Francis Charhon : La philanthropie est une question culturelle. Les pays nordiques et l’Angleterre sont des pays protestants qui, en même temps que la notion du travail, ont aussi la notion d’une pratique de solidarité importante qui existe depuis longtemps. Ils ont une culture très ancienne de générosité. Même si cette culture de la générosité existait aussi en France, la Révolution française a créé un Etat qui prend tout en charge. Donc si nous sommes en retard, c’est en partie une question de trajectoire historique.

Deuxièmement, c’est au secteur lui-même de faire connaitre ses bonnes pratiques, de montrer ses actions, son rôle dans la société française et tout ça dans la transparence. Et pour augmenter sa visibilité, il faut sortir de l’anecdotique pour rentrer dans la construction d’un récit, d’un imaginaire, et changer la culture. Il faut réussir à montrer que chaque histoire est la pièce d’un puzzle. Le plateau représente la philanthropie et son action sociétale dans le pays, et chaque petite pièce représente une association qui complète le puzzle. Pour remplir ce tableau, il faut d’abord le dessiner avant d’y ajouter les pièces. On sait très bien que si on fait un puzzle, qu’il y a 1000 pièces, mais qu’on n’a pas le modèle c’est compliqué. Il faut arriver à créer un imaginaire qui intéresse les particuliers et les journalistes. De plus, je pense que cet imaginaire doit être collectif. Il faut l’inscrire dans un projet global qui est celui du rôle des sociétés civiles en action. Une fois ce gros travail de fait, je ne sais pas si nous rattraperons un retard mais nous serons dans une lancée de développement progressif qui devrait s’améliorer.

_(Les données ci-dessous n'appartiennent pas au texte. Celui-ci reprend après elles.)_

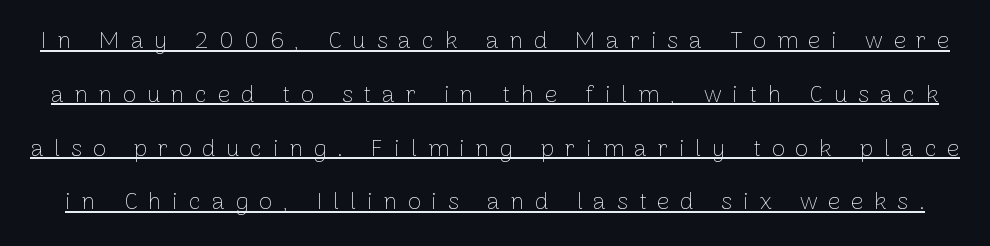
Has an underline been added? It has. Do the letters lean? They stand straight. Inter-character spacing is expanded well beyond the font's built-in metrics. Caption: face not bold, strokes unweighted.

Par ailleurs, ne négligeons pas que la générosité se développe doucement mais surement à 4% par an.

@UOSSM

Alain Boinet : Aujourd’hui une association d’aide humanitaire d’urgence qui voudrait se créer est pratiquement dans l’impossibilité de collecter des fonds car le marché de la collecte est saturé. Les 5 millions de foyers fiscaux sont déjà préemptés par les grands acteurs présents sur ce secteur, donc aujourd’hui l’association humanitaire qui voudrait se créer ne pourra pas se développer avec des fonds privés…

Francis Charhon : Malgré ces difficultés, quelques exemples prouvent le contraire. Solthis et Alima sont deux organisations récentes qui fonctionnent très bien. Je pense que les fondations ont un rôle à jouer dans le soutien des organisations de petites tailles car elles peuvent apporter des financements à des projets qu’elles trouvent intéressants. Toutefois il est vrai que de trouver des financements de donateurs individuels est devenu très difficile car coûteux.

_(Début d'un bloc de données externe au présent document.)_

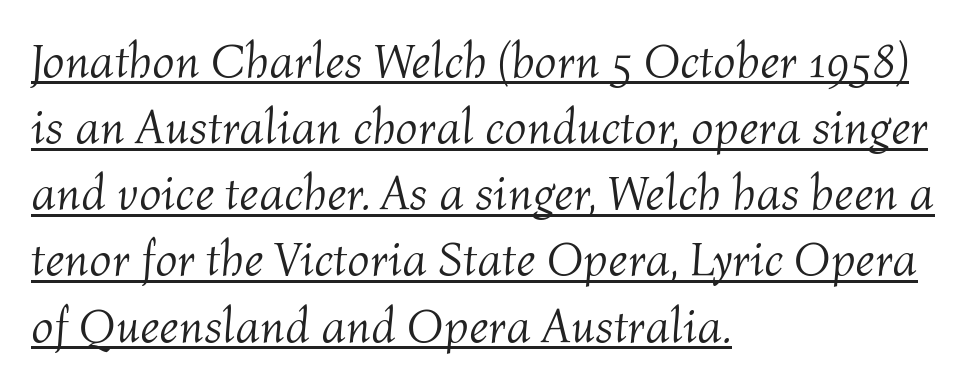
The leading is moderate, giving the passage an even texture. The tracking reads as untouched default to a designer's eye. Where is the straight margin? On the left. This is oblique type, the kind used for emphasis or titles. Each letter keeps its own natural width here, so spacing adapts to shape.

Il faut savoir qu’il existe une nouvelle génération de jeunes entrepreneurs de 35 ou 40 ans qui ont fait fortune et qui s’investissent de façon très importante dans la philanthropie.

La philanthropie doit se moderniser, plaire à toutes les générations et s’adapter aux jeunes qui ont des modes d’engagements différents mais qui restent très engagés. Aujourd’hui, c’est l’engagement par le clic. Ce n’est plus l’engagement suite à des mailing. De plus, nous sommes passés d’une philanthropie de stock, c’est à dire des grosses dotations avec petite distribution, à une philanthropie de flux, c’est à dire que des donateurs apportent des dons qu’il faut dépenser tout de suite. Voilà pourquoi les organisations doivent devenir flexibles et s’adapter au changement, si elles ne veulent pas perdre leur clientèle de donateurs.

Alain Boinet : En parlant d’adaptation et de modernisation, est-ce que les nouvelles technologies vont révolutionner la philanthropie ?

Francis Charhon : Elles la révolutionnent déjà ! A commencer par les réseaux sociaux qui permettent de créer des communautés qui sont très intéressantes pour la philanthropie. Nous savons que la recommandation du don par la proximité fonctionne bien. En créant une communauté dont les personnes qui en font partie connaissent celui qui porte un projet, il lui sera plus facilement possible d’obtenir leur aide. D’autre part, la technologie du smartphone doit permettre de répondre de façon plus fluide pour les demandes aux donateurs. Il y a aussi de nouveaux modes de collecte comme les jeux par exemple. Lors du Z Event 2021, en week-end, des streamers ont récolté plus de 10 millions d’euros pour Action contre la faim. Il y a 5 ans nous ne savions même pas que cela pouvait exister. Il faut donc être très attentif à tous ces systèmes qui pourraient se créer.

Après plus de 50 heures de live sur la plateforme Twitch, les streamers qui ont participé à Z Event 2021, un marathon de jeu vidéo caritatif, ont récolté un peu plus de 10 millions d’euros pour l’ONG Action contre la faim. Une somme record pour un tel événement © Action Contre la Faim

Alain Boinet : Pour conclure cet entretien veux-tu lancer un appel ou partager un dernier message ?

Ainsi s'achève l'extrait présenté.